Maybe this will help :

http://bigtreesnursery.com/plantingtips.php


----------



## Timothyjkent (Dec 28, 2007)

That does help. Thank you. 

However, the trees that will be shipped are drum laced and round. I expect 
1-3 (max) shipped per truck. The area is relativly tight, so the crane will have to lift off the truck and then swing to place from one position from a distance of 24 feet - 96 feet.



"In nature there is neither rewards or 
punishments - there are consequences."


----------



## Elmore (Dec 28, 2007)

*Halka*

I hear ya. The usual formula for planting pit size is about 2 to 3 times the diameter of the root ball but in this case I don't think that it will apply. Just a hole deep enough to set the ball slightly above grade and wide enough to accommodate the ball. I may be wrong but I did help place a large oak like this and if my memory serves right the pit size was just a few feet wider than the root ball diameter. I figured they were drum laced. Were they hand dug?Inquire from the nursery their recommendations also check out their Ginkgoes. I hear they do grow some.


----------



## Timothyjkent (Dec 28, 2007)

Any ideas on the rigging to place them as gently as possible. I saw a few photos using chain on the balls and a strap to the trunk which ends up giving three points of lift.


"In nature there is neither rewards or 
punishments - there are consequences."


----------



## Elmore (Dec 30, 2007)

Timothyjkent said:


> Any ideas on the rigging to place them as gently as possible. I saw a few photos using chain on the balls and a strap to the trunk which ends up giving three points of lift.
> 
> 
> "In nature there is neither rewards or
> punishments - there are consequences."



I saw those photos too...but they were banned in Boston soon after.

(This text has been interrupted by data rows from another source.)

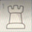
Piece: wR
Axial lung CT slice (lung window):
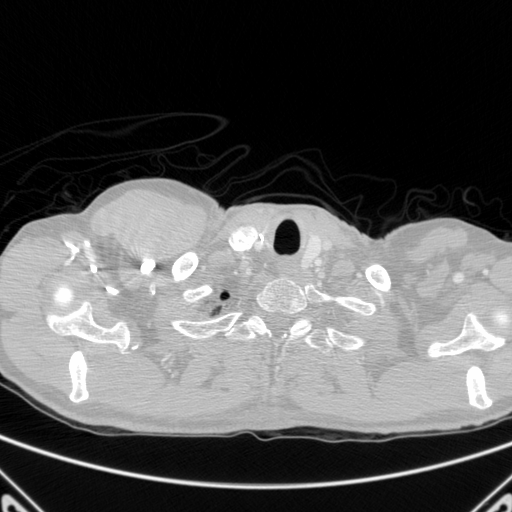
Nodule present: no
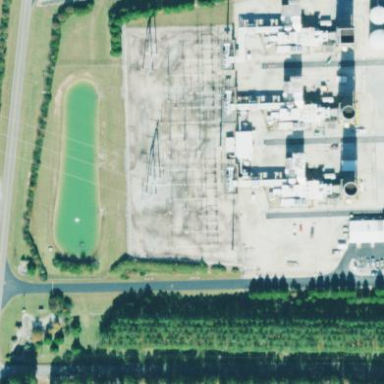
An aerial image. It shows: Power substation with fence around it. The substation is used for switching.
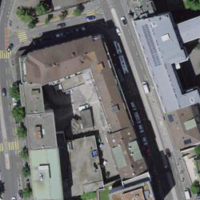
EUNIS habitat code: 54
Species observed at this site:
Steatoda triangulosa
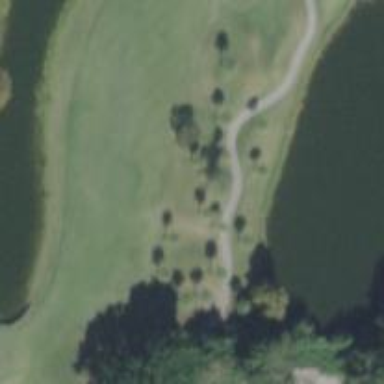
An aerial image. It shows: Service road used as golf cart path.

I can't remember that one tree that I assisted with but a gentle approach is called for. You don't want to scuff up your trunk and you definitely don't need to bust your balls.
You will need personnel to guide the trunk as the tree is moved to the planting pit but I really think that a well positioned harness to lift the ball is all that is needed. Consult Halka. Surely they would welcome the opportunity to assist a customer.


----------